*Records for the task:*
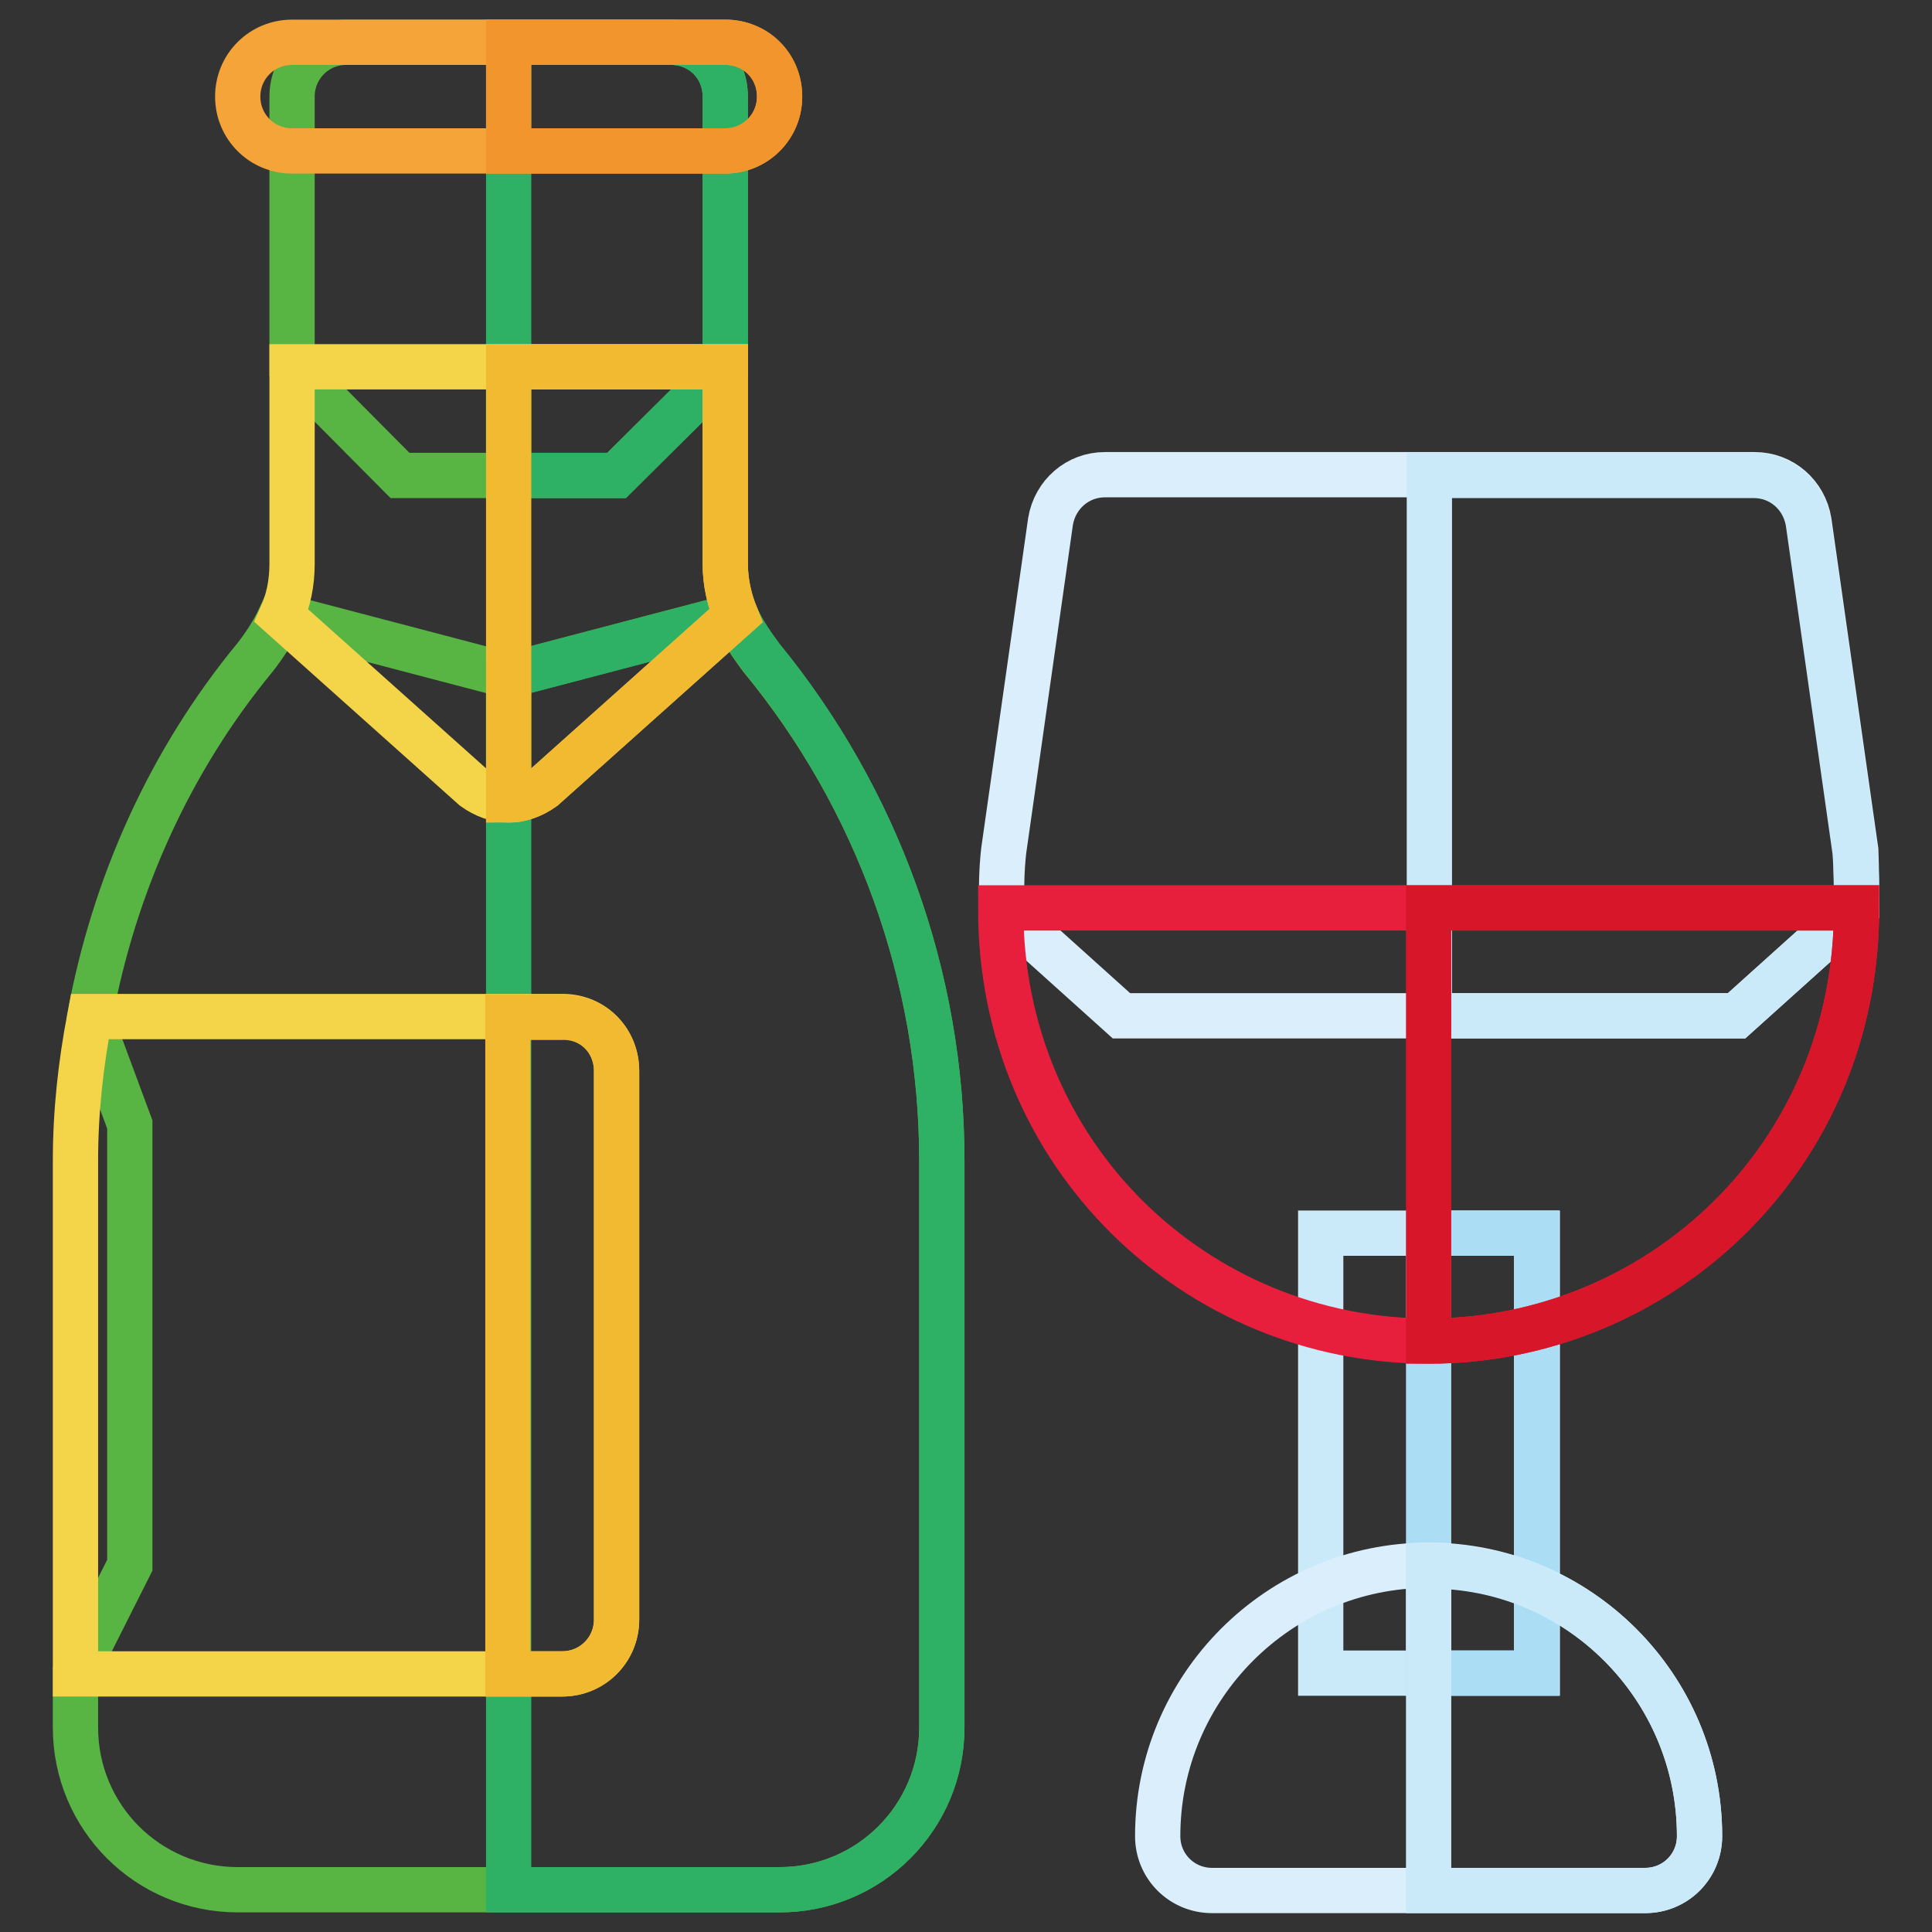 <?xml version="1.0" encoding="utf-8"?>
<!-- Svg Vector Icons : http://www.onlinewebfonts.com/icon -->
<!DOCTYPE svg PUBLIC "-//W3C//DTD SVG 1.1//EN" "http://www.w3.org/Graphics/SVG/1.1/DTD/svg11.dtd">
<svg version="1.1" xmlns="http://www.w3.org/2000/svg" xmlns:xlink="http://www.w3.org/1999/xlink" x="0px" y="0px" viewBox="0 0 256 256" enable-background="new 0 0 256 256" xml:space="preserve">
<rect x="0" y="0" width="256" height="256" fill="#333333" stroke="none"/>
<g> <path stroke-width="6" fill-opacity="0" stroke="#58b543"  d="M96.1,12.8v35.9L81.7,63H53L38.7,48.6V12.8c0-4,3.2-7.2,7.2-7.2h43C92.9,5.6,96.1,8.7,96.1,12.8z"/> <path stroke-width="6" fill-opacity="0" stroke="#2eb065"  d="M96.1,12.8v35.9L81.7,63H67.4V5.6h21.5C92.9,5.6,96.1,8.7,96.1,12.8z"/> <path stroke-width="6" fill-opacity="0" stroke="#58b543"  d="M124.8,153.8v75.1c0,11.9-9.6,21.5-21.5,21.5H31.5c-11.9,0-21.5-9.6-21.5-21.5v-7.2l7.2-14.3V149l-5.3-14.3 c3.2-17.4,10.6-33.9,21.9-47.6c1.1-1.4,2.4-3.3,3.4-5.5l30.1,7.9l30.1-7.9c1,2.2,2.3,4,3.4,5.5 C116.3,105.9,124.8,129.5,124.8,153.8z"/> <path stroke-width="6" fill-opacity="0" stroke="#2eb065"  d="M124.8,153.8v75.1c0,11.9-9.6,21.5-21.5,21.5H67.4V89.5l30.1-7.9c1,2.2,2.3,4,3.4,5.5 C116.3,105.9,124.8,129.5,124.8,153.8z"/> <path stroke-width="6" fill-opacity="0" stroke="#cae9f9"  d="M175,163.4h28.7v58.3H175V163.4z"/> <path stroke-width="6" fill-opacity="0" stroke="#abddf4"  d="M189.3,163.4h14.3v58.3h-14.3V163.4z"/> <path stroke-width="6" fill-opacity="0" stroke="#daeffb"  d="M189.3,207.4c-19.8,0-35.9,16.1-35.9,35.9c0,4,3.2,7.2,7.2,7.2H218c4,0,7.2-3.2,7.2-7.2 C225.2,223.5,209.1,207.4,189.3,207.4z"/> <path stroke-width="6" fill-opacity="0" stroke="#cae9f9"  d="M225.2,243.3c0,4-3.2,7.2-7.2,7.2h-28.7v-43C209.1,207.4,225.2,223.5,225.2,243.3z"/> <path stroke-width="6" fill-opacity="0" stroke="#f4a438"  d="M103.3,12.8c0,4-3.2,7.2-7.2,7.2H38.7c-4,0-7.2-3.2-7.2-7.2c0-4,3.2-7.2,7.2-7.2h57.4 C100.1,5.6,103.3,8.7,103.3,12.8z"/> <path stroke-width="6" fill-opacity="0" stroke="#f4d448"  d="M81.7,141.9v72.7c0,4-3.2,7.2-7.2,7.2H10v-68c0-6.5,0.7-12.8,1.9-19.1h62.7 C78.6,134.7,81.7,137.9,81.7,141.9z M97.5,81.6L72,104.4c-1.4,1-3,1.6-4.6,1.6s-3.2-0.6-4.6-1.6L37.3,81.6c0.9-2,1.4-4.3,1.4-6.9 V48.6h57.4v26.1C96.1,77.3,96.7,79.6,97.5,81.6z"/> <path stroke-width="6" fill-opacity="0" stroke="#f2ba31"  d="M97.5,81.6L72,104.4c-1.4,1-3,1.6-4.6,1.6V48.6h28.7v26.1C96.1,77.3,96.7,79.6,97.5,81.6z"/> <path stroke-width="6" fill-opacity="0" stroke="#f2952c"  d="M103.3,12.8c0,4-3.2,7.2-7.2,7.2H67.4V5.6h28.7C100.1,5.6,103.3,8.7,103.3,12.8z"/> <path stroke-width="6" fill-opacity="0" stroke="#f2ba31"  d="M81.7,141.9v72.7c0,4-3.2,7.2-7.2,7.2h-7.2v-87h7.2C78.6,134.7,81.7,137.9,81.7,141.9z"/> <path stroke-width="6" fill-opacity="0" stroke="#daeffb"  d="M246,120.3l-15.9,14.3h-81.5l-15.9-14.3c0-2.6,0-5,0.3-7.6l6.2-43.6c0.6-3.6,3.6-6.2,7.2-6.2h86.1 c3.6,0,6.6,2.6,7.2,6.2l6.2,43.6C246,115.3,246,117.8,246,120.3L246,120.3z"/> <path stroke-width="6" fill-opacity="0" stroke="#cae9f9"  d="M246,120.3l-15.9,14.3h-40.7V63h43c3.6,0,6.6,2.6,7.2,6.2l6.2,43.6C246,115.3,246,117.8,246,120.3 L246,120.3z"/> <path stroke-width="6" fill-opacity="0" stroke="#e71f3c"  d="M246,120.3c0.1,33.1-26.3,57.4-56.7,57.4c-30.7,0-56.8-24.5-56.7-57.4H246z"/> <path stroke-width="6" fill-opacity="0" stroke="#d71629"  d="M246,120.3c0.1,33.1-26.3,57.4-56.7,57.4v-57.4H246z"/></g>
</svg>

*Task to complete:*
Exactly how many lines in the material above mention the word "http"? Give the number and nothing besides.

*Solution to this problem:*
3